The benchmark S&P 500 index rose in morning trading, but ultimately gave up 57.31 points, or 2.1 per cent, to 2,728.37, its lowest close in three months. The index has declined 6.7 per cent during its current losing streak. That's its steepest downturn since a 10-per cent drop in early February.

The Dow Jones Industrial Average lost 545.91 points, or 2.1 per cent, to 25,052.83 after falling as much as 698. The Nasdaq composite skidded 92.99 points, or 1.3 per cent, to 7,329.06. The Russell 2000 index of smaller-company stocks fell 30.03 points, or 1.9 per cent, to 1,545.38.

Thursday's losses in the U.S. followed steep declines overseas. Markets in France, Britain and Germany fell after stocks declined sharply in Hong Kong and Japan.

“People are trying to get a sense of 'where should my money actually be right now?”' said JJ Kinahan, chief market strategist for TD Ameritrade.

The S&P 500's current decline is the longest since a nine-day skid shortly before the 2016 presidential election. It has climbed 27.5 per cent since Donald Trump was elected and is still up 2.1 per cent in 2018.

The market had been calm from late June through September as investors were satisfied with continued economic growth, strong company profits, and signs of progress in trade talks between the U.S. and several partners, even as the U.S. remained at odds with China.

But traders have grown more uneasy about the U.S.-China trade dispute, which has been escalating. Washington has imposed tariffs on tens of millions of dollars of Chinese exports and Beijing has responded with similar retaliatory taxes on imports of U.S. goods.

And there are indications that China's economy has begun to cool, prompting its government to take steps to stem the slowdown in economic growth. China's stock market is in a steep slump, with Hong Kong's Hang Seng index down more than 15 per cent this year.

Delwiche, the Baird strategist, thinks the current U.S. market slump isn't over yet.

“I don't see evidence right now that this is a one-off event,” he said.

On Thursday, President Trump renewed his criticism of the Federal Reserve, blaming the recent downturn in the stock market on the Fed's rate policy.

“We have interest rates going up at a clip that's much faster than certainly a lot of people, including myself, would have anticipated. I think the Fed is out of control,” the president said to reporters in the Oval Office.

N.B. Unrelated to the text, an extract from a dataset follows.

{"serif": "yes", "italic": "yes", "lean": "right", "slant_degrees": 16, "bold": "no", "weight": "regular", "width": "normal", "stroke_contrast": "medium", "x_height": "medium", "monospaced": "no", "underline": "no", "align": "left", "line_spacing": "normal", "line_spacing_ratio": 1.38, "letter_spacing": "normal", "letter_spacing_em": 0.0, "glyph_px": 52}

Trump said he had no intention of firing Jerome Powell, who he appointed as Fed chairman in February.

Bond prices rose as the recent surge in yields attracted the attention of some investors. The yield on the 10-year Treasury note fell to 3.15 per cent from 3.22 per cent late Wednesday. That's still sharply higher than it was about a week ago, and earlier this week the yield on the 10-year note reached its highest level since mid-2011.

The drop in yields hurt banks, and JPMorgan Chase fell 3 per cent to $1078.13 while Bank of America sank 3 per cent to $28.36. JPMorgan Chase and several other banks will report their third-quarter results Friday morning.

Technology and retail companies continued to stumble. Amazon dropped another 2 per cent to $1,719.36 and Apple fell 0.9 per cent to $214.45. Microsoft and Alphabet, Google's parent company, were little changed. Those stocks have made huge gains for years, but they're currently out of favour. Amazon and Alphabet, respectively the second- and fourth-most valuable U.S. companies, are in what's known as a “correction,” a drop of more than 10 per cent from a recent peak. Facebook, the sixth-largest company, has tumbled 29 per cent since late July, surpassing the 20-per cent threshold for a “bear market.”

The Nasdaq composite has fallen 9.6 per cent since it set a record high in late August and the Russell 2000 has fallen 11 per cent.

U.S. crude dropped 3 per cent while Brent crude, the international standard, dropped 3.4 per cent. Wholesale gasoline, heating oil and natural gas also declined.

After months of declines, the price of gold jumped by the most in two years, rising 2.9 per cent to $1,227.60 an ounce.

In other metals trading, silver rose 2 per cent and copper added 0.8 per cent.

The dollar fell to 111.94 yen from 112.59 yen, and the euro rose to $1.1594 from $1.1525.